• Instructions for the task: Pictures appear among the records below and must be omitted. Repeat exactly the lines from the line with "tam go ostrożyła, nie" to the line with "مجھے بھی میں ٹیبل ٹینس کھیلتی ہوں", both included.

• Data to use:
···

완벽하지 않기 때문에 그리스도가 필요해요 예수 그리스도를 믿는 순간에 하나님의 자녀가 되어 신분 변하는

···

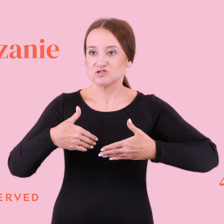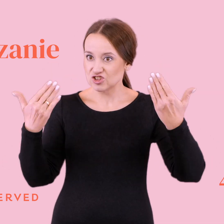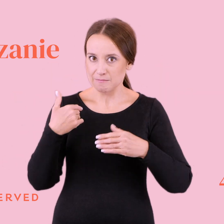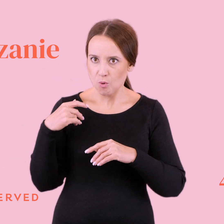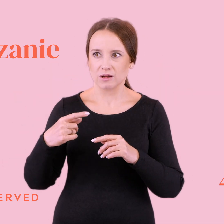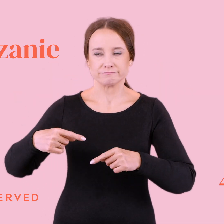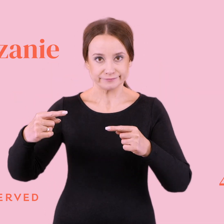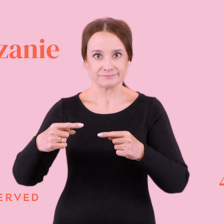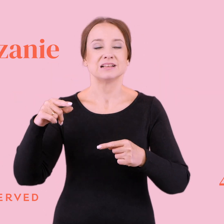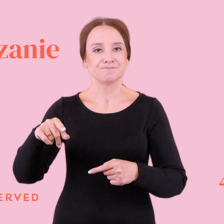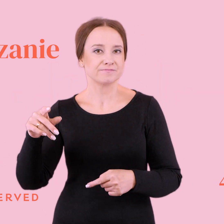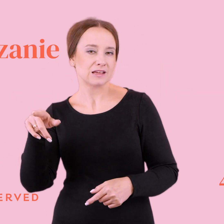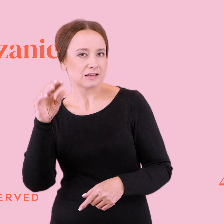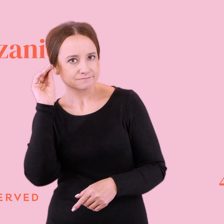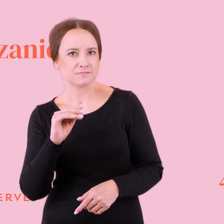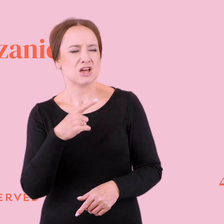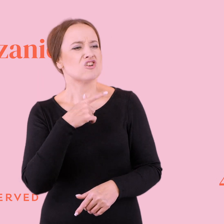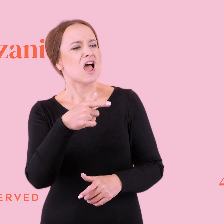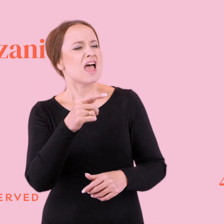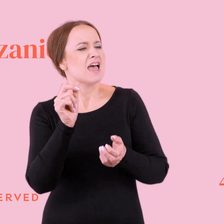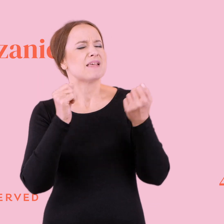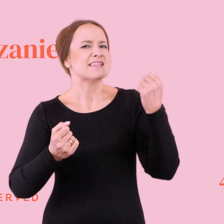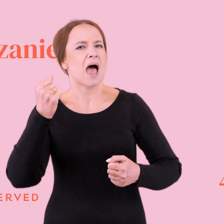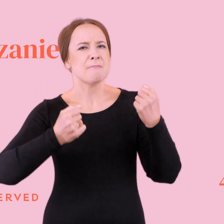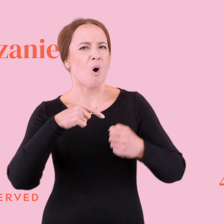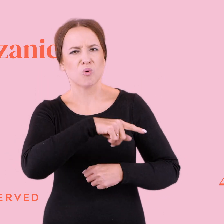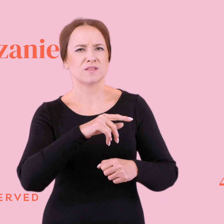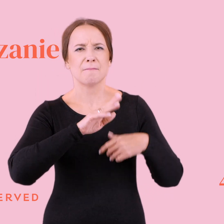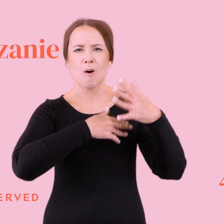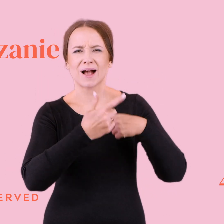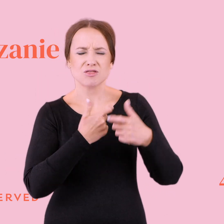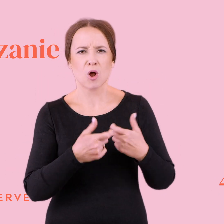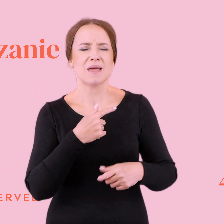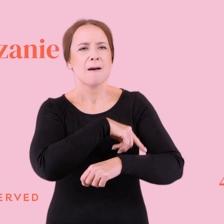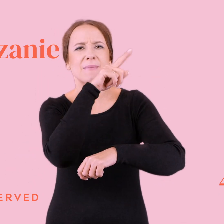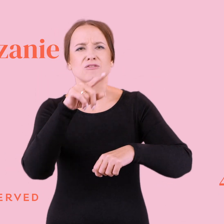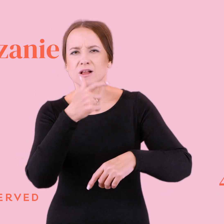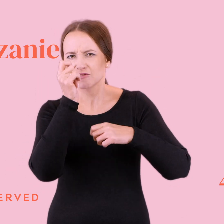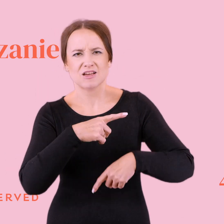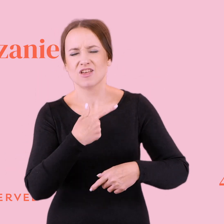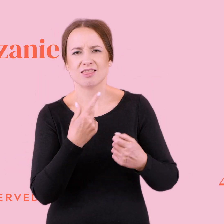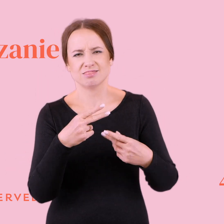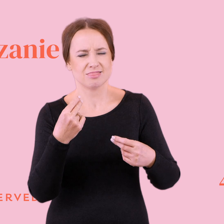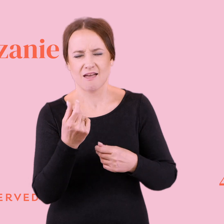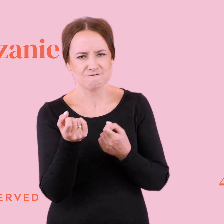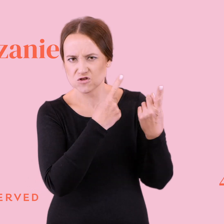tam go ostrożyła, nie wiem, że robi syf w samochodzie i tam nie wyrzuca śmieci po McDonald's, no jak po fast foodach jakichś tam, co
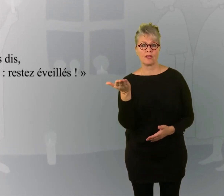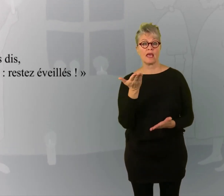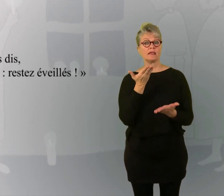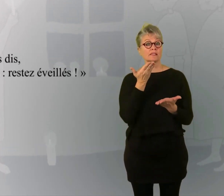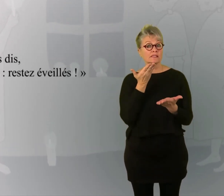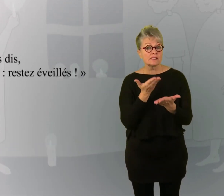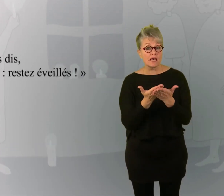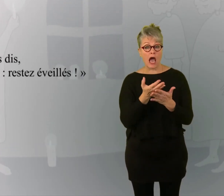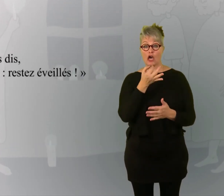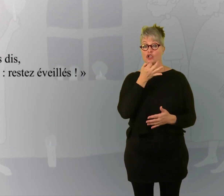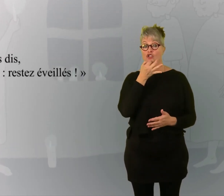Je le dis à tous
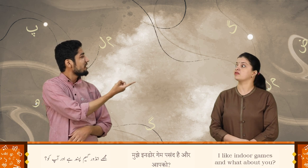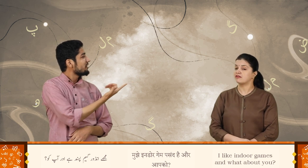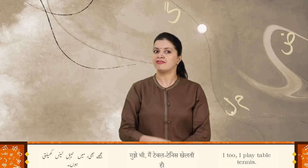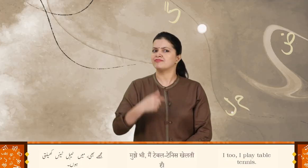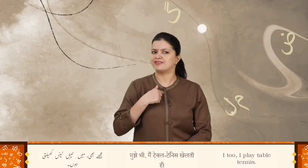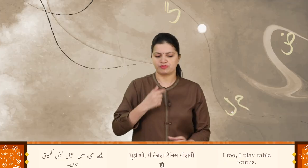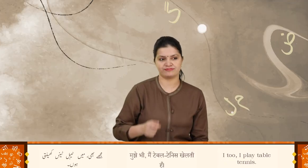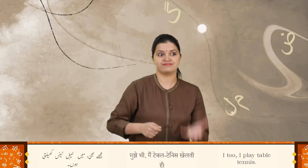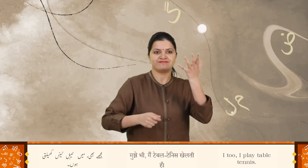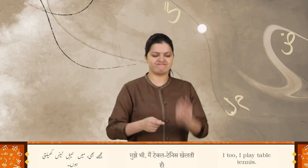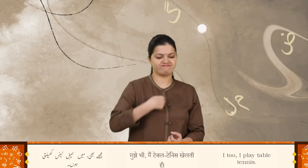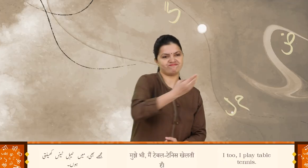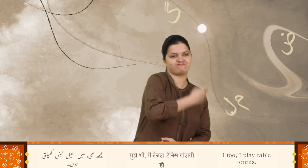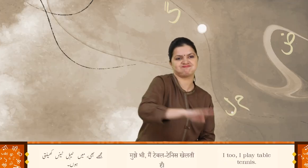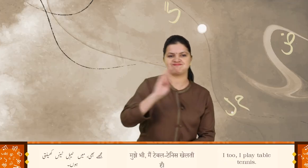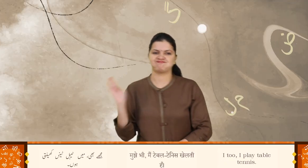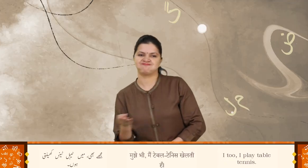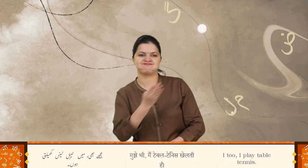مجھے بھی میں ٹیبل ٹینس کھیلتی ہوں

···

• Answer to the exercise:
tam go ostrożyła, nie wiem, że robi syf w samochodzie i tam nie wyrzuca śmieci po McDonald's, no jak po fast foodach jakichś tam, co
Je le dis à tous
مجھے بھی میں ٹیبل ٹینس کھیلتی ہوں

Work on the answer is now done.